The intricate back story and minute attention to detail in creating each site in the Dishoom chain falls to two of its founders, Shamil and Kavi Thakrar. Neil Gerrard talks to them about being the authors of the group's next restaurant in Edinburgh

"Rules are a very Irani café thing," explains Shamil Thakrar, one of Dishoom's four co-founders, as he offers The Caterer a whistlestop tour of the 350-cover venue, a meticulous, loving and, above all, fun recreation of Bombay (now Mumbai) in the 1920s and 1930s.

"It isn't a museum and it shouldn't be too serious," Shamil continues. "It should maintain that glamour and fun at the same time as giving you a dose of proper authenticity."

Shamil, along with his cousin Kavi Thakrar and brothers Adarsh and Amar Radia, founded Dishoom in 2010. The quartet opened their first site in London's Covent Garden followed by sites in Shoreditch, Kingly Street in Soho and then King's Cross, and soon their first branch outside the capital will launch in

Edinburgh on 5 December.

Dishoom has enjoyed considerable success over the past six years. It was named Best Small Group in the 2016 edition of The Good Food Guide and it has won praise from the critics for everything from its breakfast bacon naan ("bloody GAWJUSS", according to The Guardian reviewer Marina O'Loughlin), to its friendly staffers and "first-class food" (Richard Vines of Bloomberg).

But the food and service are just part of an overarching experience of the kind that hospitality operators are increasingly trying to emulate in a bid to keep their customers loyal.
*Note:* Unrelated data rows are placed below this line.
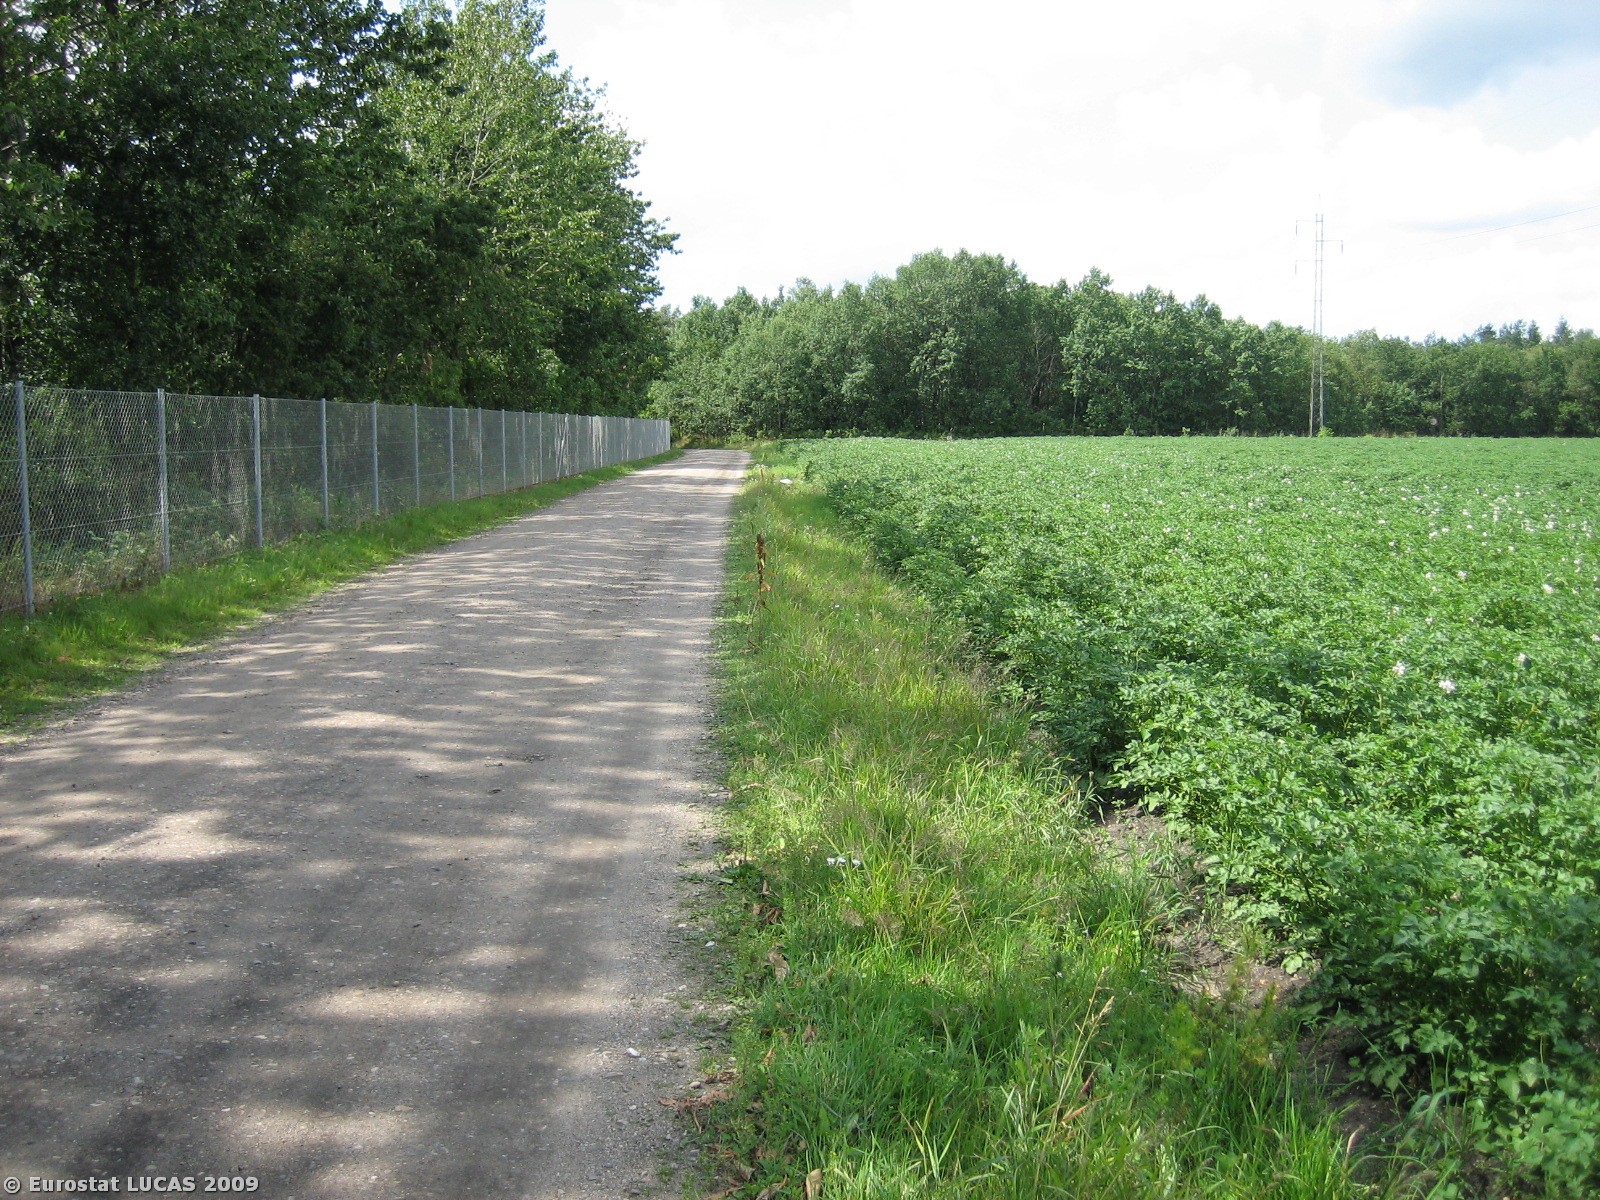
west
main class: Cropland
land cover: Potatoes
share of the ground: > 75 %
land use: Agriculture (excluding fallow land and kitchen gardens)
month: July
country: DK
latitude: 55.7698
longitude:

Dishoom takes its diners and transports them from drab London days to a nostalgic recreation of the Irani cafés of Bombay.
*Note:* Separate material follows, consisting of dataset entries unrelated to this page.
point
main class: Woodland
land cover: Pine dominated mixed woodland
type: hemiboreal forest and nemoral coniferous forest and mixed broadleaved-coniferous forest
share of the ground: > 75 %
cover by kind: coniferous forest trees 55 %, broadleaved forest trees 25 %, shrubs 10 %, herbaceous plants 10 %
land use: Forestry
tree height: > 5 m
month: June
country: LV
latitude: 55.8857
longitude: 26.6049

Shamil says: "Britain and India have a long relationship, going all the way back to the Raj, but it can feel a little bit full of clichés if you think of Bollywood or curry houses or cricket.

In a way, Bombay is none of that and nor is Bombay food. We love the idea of presenting something in a different way and the Irani cafés are very inspiring places because they were the first places in Bombay and even in India where you and I - the common man - could go to eat."

Small is beautiful

Shamil and Kavi take the lead when it comes to operating the business, and the process they go through to launch a new restaurant is painstaking.
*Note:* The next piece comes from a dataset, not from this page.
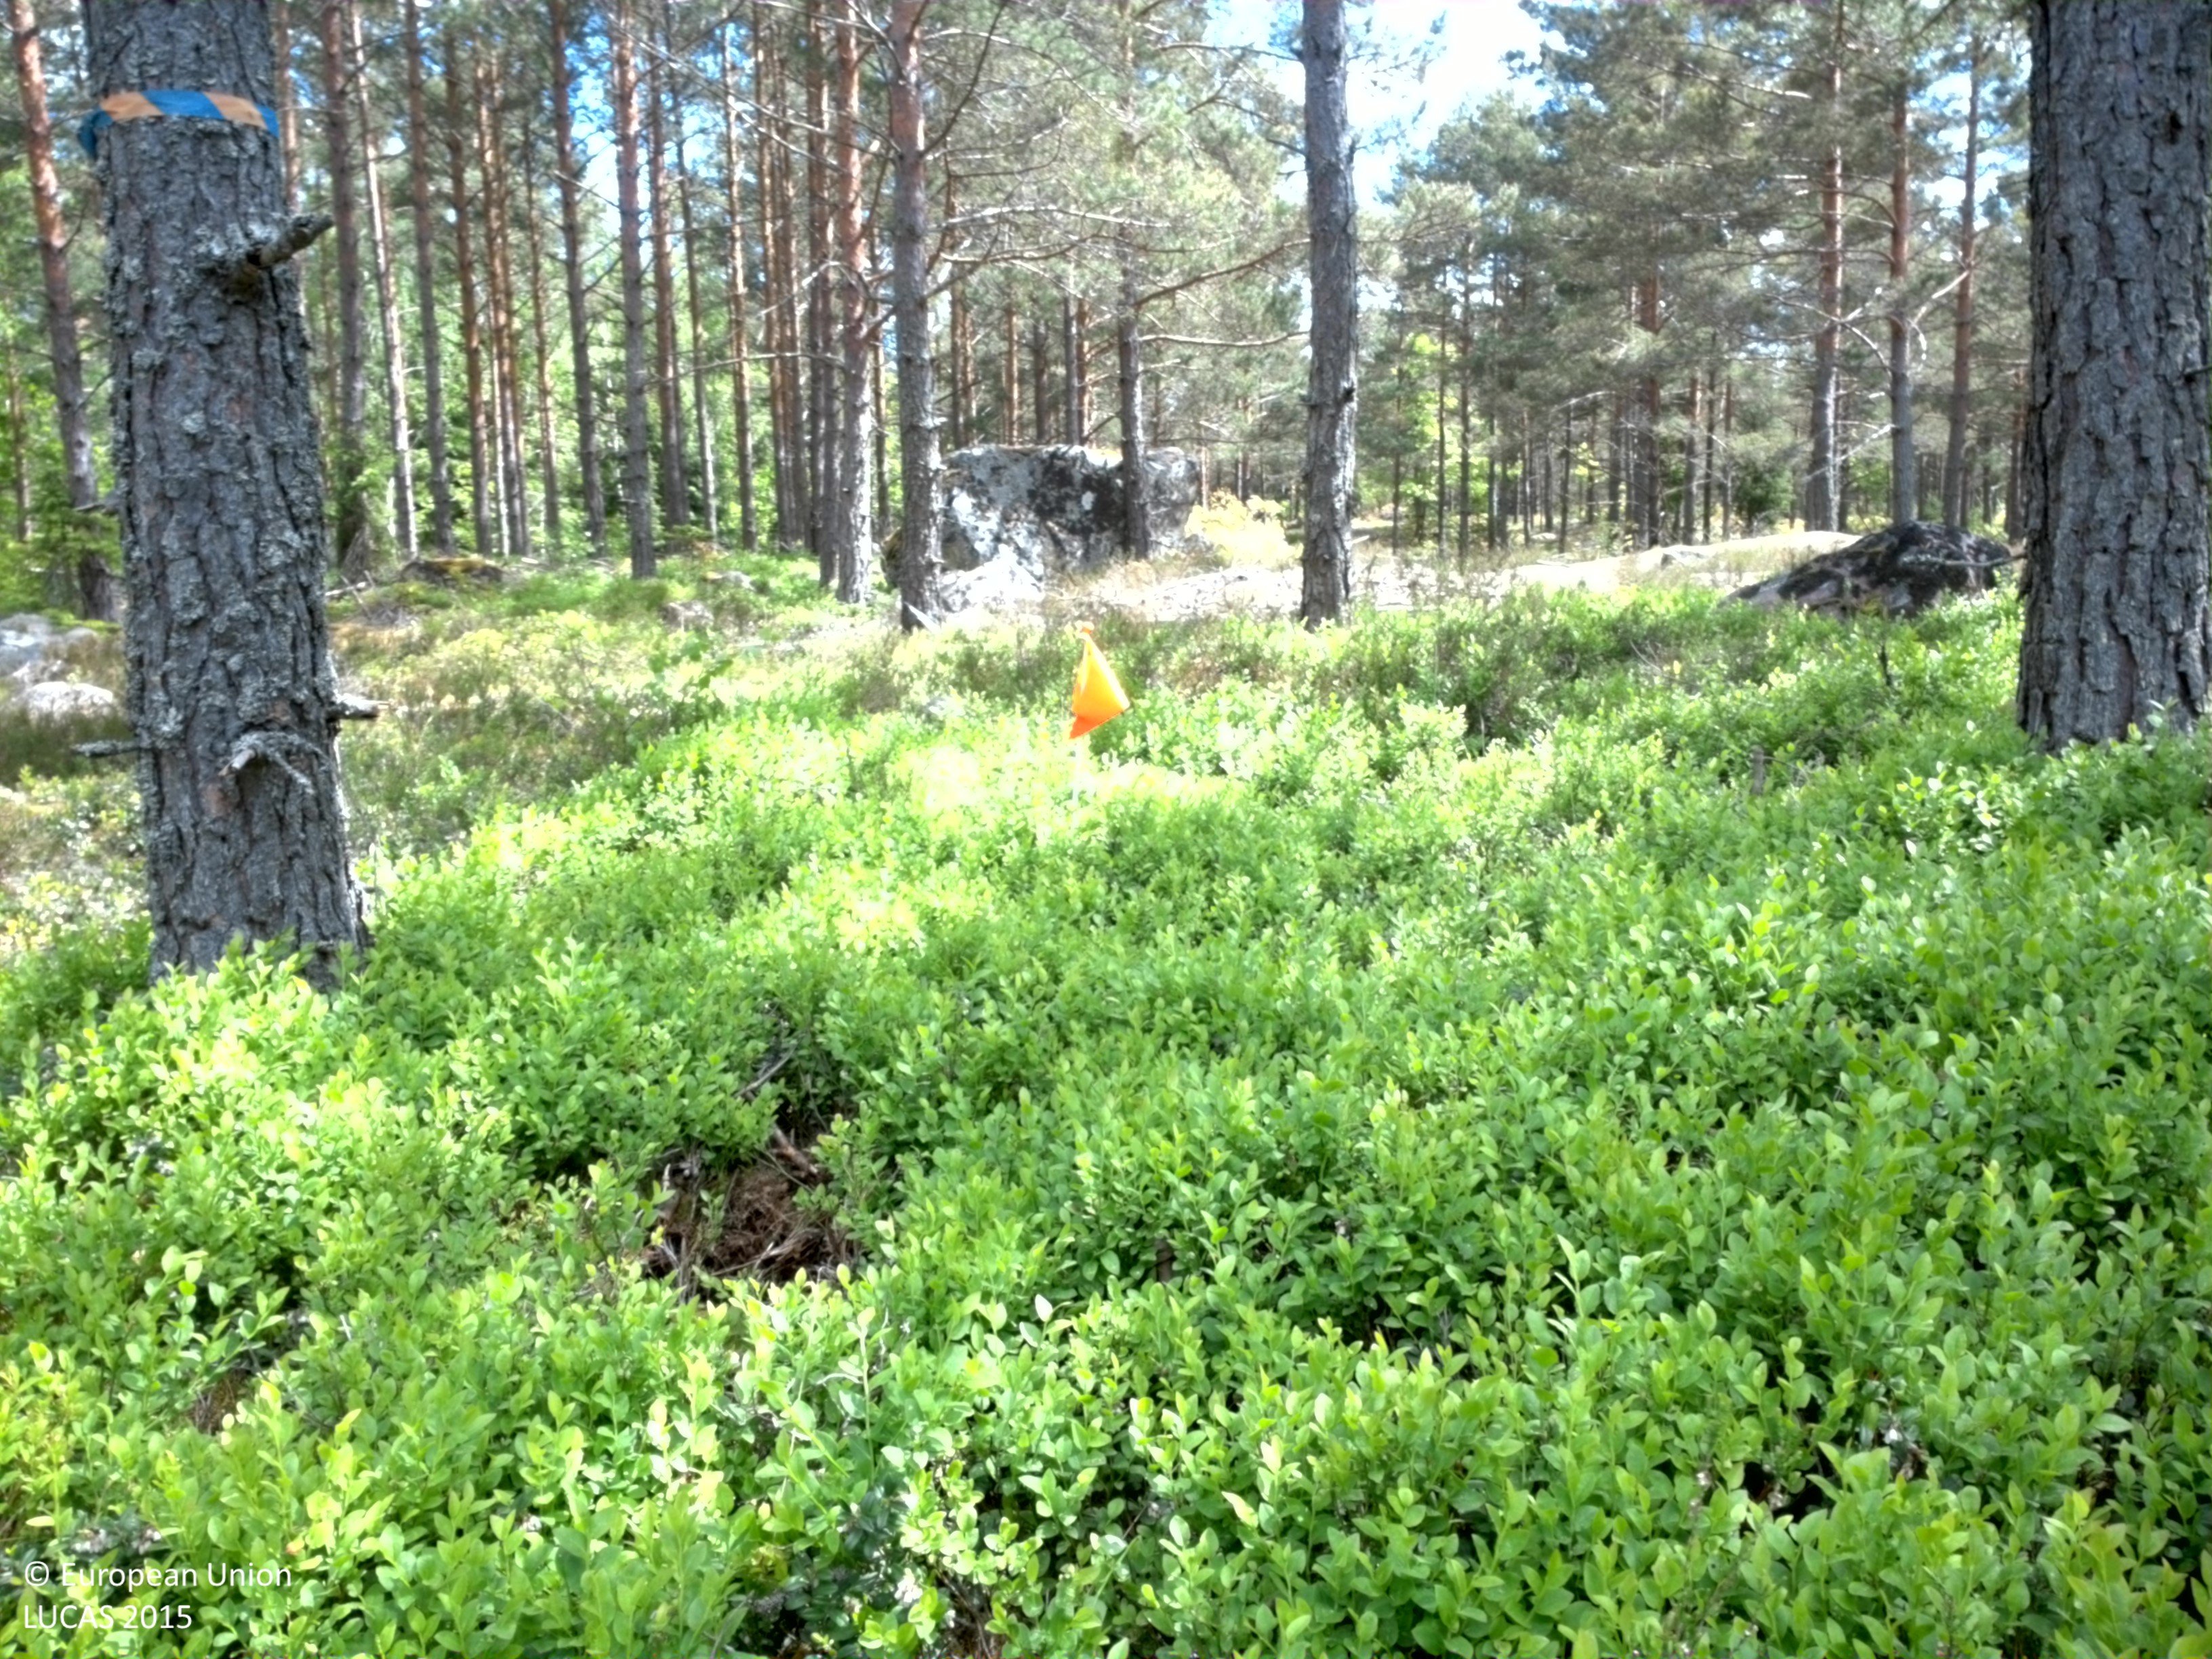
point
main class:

Many restaurateurs may tell you they place an emphasis on authenticity, but these are people who take photographs of hinges and pinheads in India to make sure the look of their venue is just right. The way they dreamed up the King's Cross site is fairly typical of this approach. The restaurant is close to St Pancras International rail station, so Kavi and Shamil looked at its close relative, the Victoria Terminus in Bombay (now Mumbai's Chhatrapati Shivaji Terminus).

They imagined a young Parsi (Irani cafés originated among the Parsi community) stumbling on a rail warehouse, where he started selling chai. He grows this operation, opening a kitchen and adding more seats, until he takes over the whole warehouse. Interwoven in this is the theme of the Indian independence movement, with references to BR Ambedkar, the architect of India's constitution, alongside copies of original graffiti protesting against the Simon Commission (a

group consisting of seven British MPs, but no Indians, dispatched to India in 1928 to study constitutional reform) and photos by Homai Vyarawalla, one of the photographers of independence in India

On top of that are all sorts of contemporaneous features, from a clock that is a near-exact replica to the one found in the Chhatrapati Shivaji Terminus to tiles that echo exactly those you would find in Bombay in the 1930s and a replica AH Wheeler bookseller's booth.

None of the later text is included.